■ EXTRACTED ENTRIES:
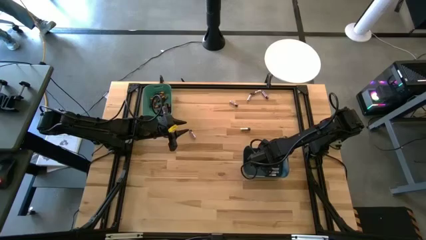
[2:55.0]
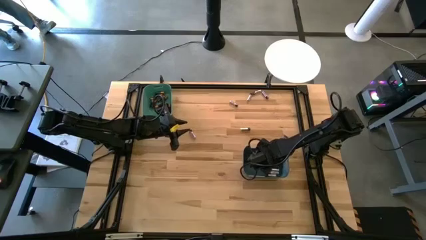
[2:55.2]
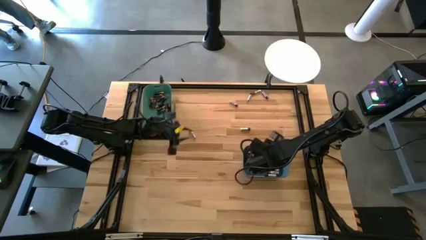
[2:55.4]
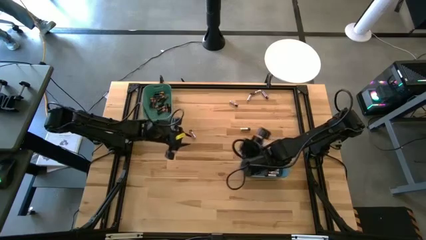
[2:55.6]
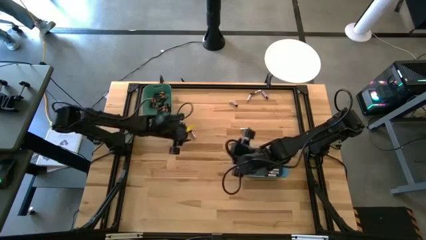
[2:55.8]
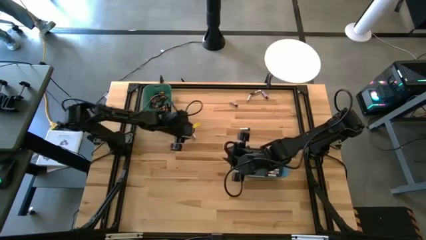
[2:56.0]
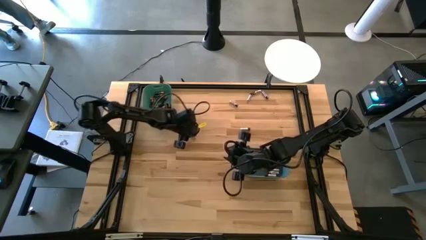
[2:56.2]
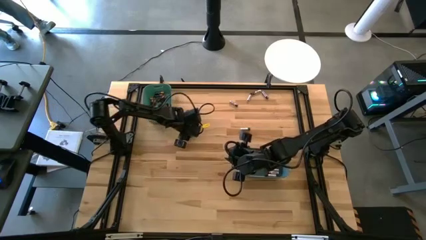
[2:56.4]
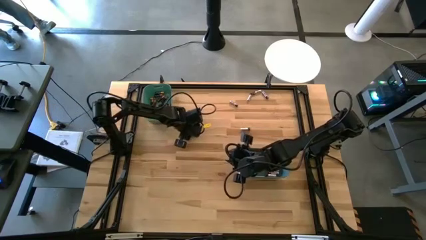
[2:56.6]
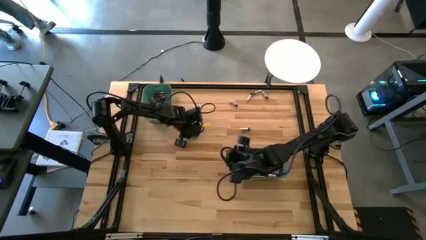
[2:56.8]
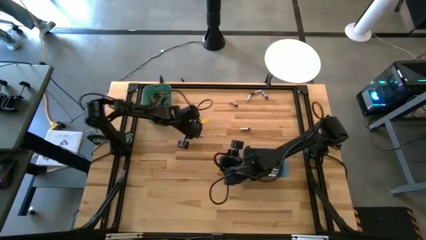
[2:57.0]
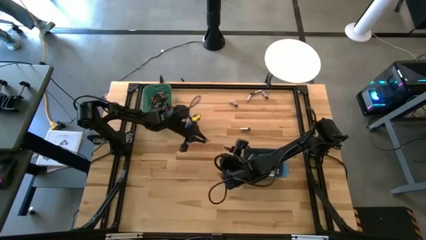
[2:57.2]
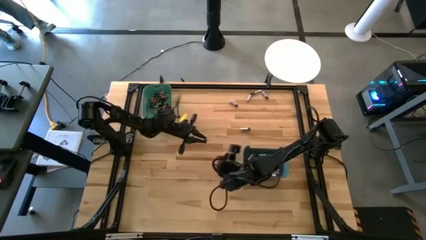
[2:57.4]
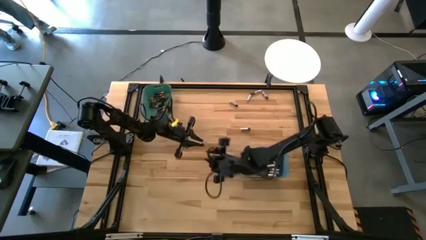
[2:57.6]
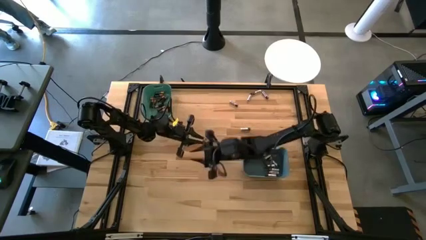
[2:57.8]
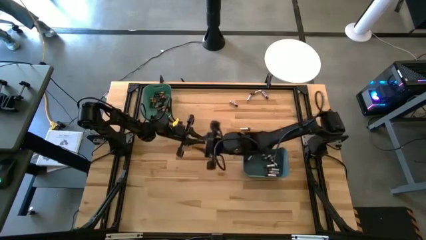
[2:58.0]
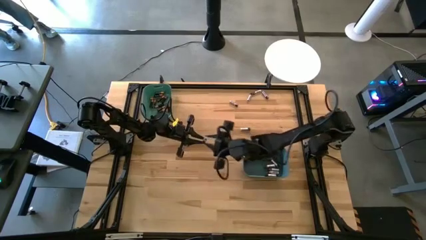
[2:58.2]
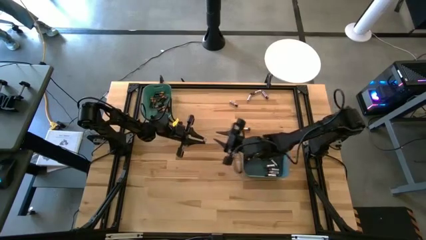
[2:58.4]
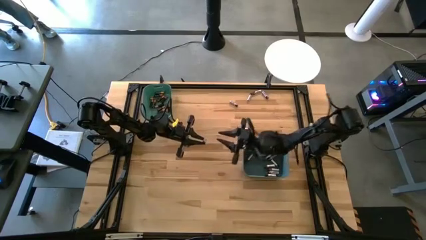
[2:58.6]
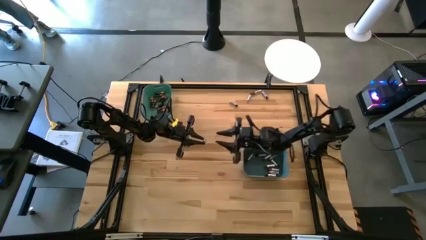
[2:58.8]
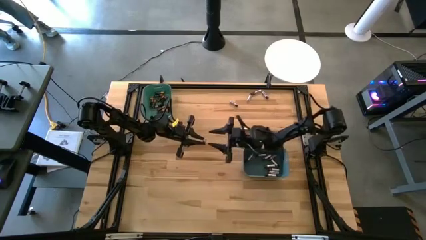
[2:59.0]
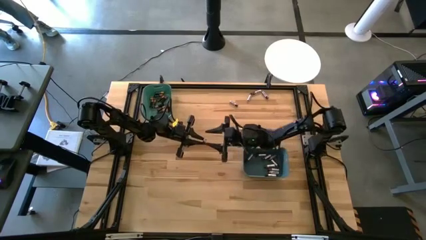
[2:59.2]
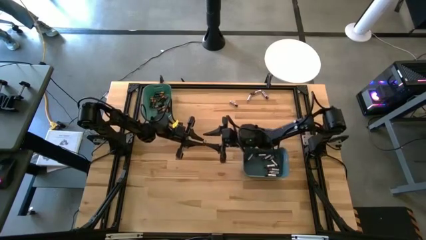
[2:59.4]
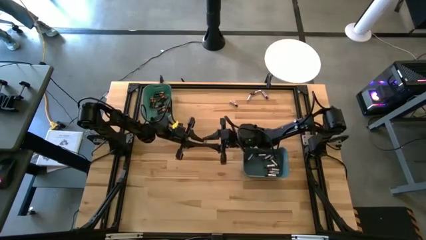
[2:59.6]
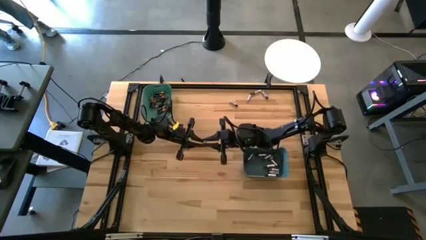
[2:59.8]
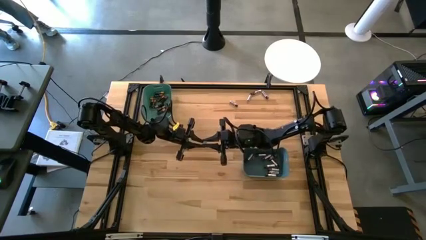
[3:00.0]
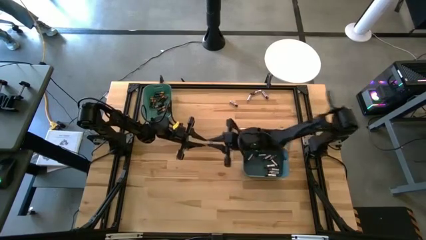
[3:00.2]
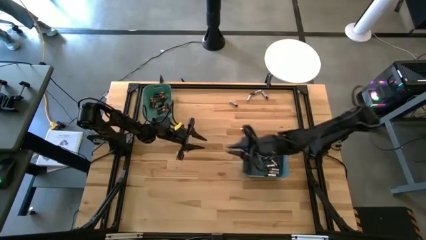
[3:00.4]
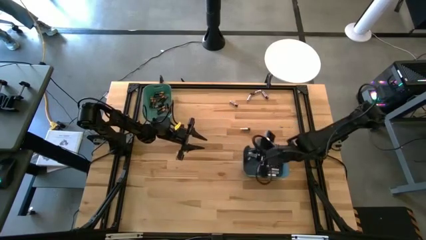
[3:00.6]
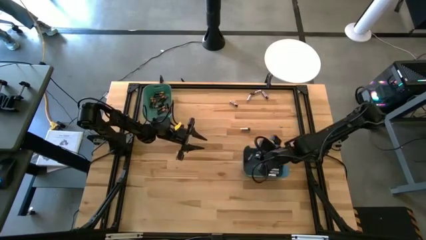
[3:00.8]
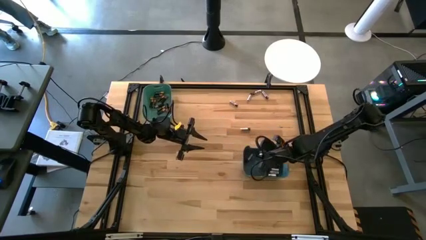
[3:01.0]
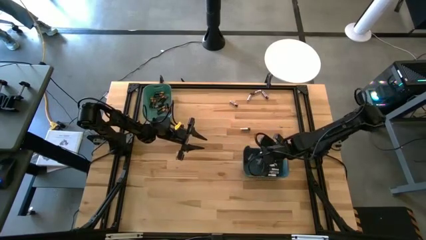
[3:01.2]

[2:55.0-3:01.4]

■ ABOUT THIS EXERCISE:
Word for word, repeat the lines of data above, omitting every picture.

■ TASK RESPONSE:
[2:55.0]
[2:55.2]
[2:55.4]
[2:55.6]
[2:55.8]
[2:56.0]
[2:56.2]
[2:56.4]
[2:56.6]
[2:56.8]
[2:57.0]
[2:57.2]
[2:57.4]
[2:57.6]
[2:57.8]
[2:58.0]
[2:58.2]
[2:58.4]
[2:58.6]
[2:58.8]
[2:59.0]
[2:59.2]
[2:59.4]
[2:59.6]
[2:59.8]
[3:00.0]
[3:00.2]
[3:00.4]
[3:00.6]
[3:00.8]
[3:01.0]
[3:01.2]

[2:55.0-3:01.4]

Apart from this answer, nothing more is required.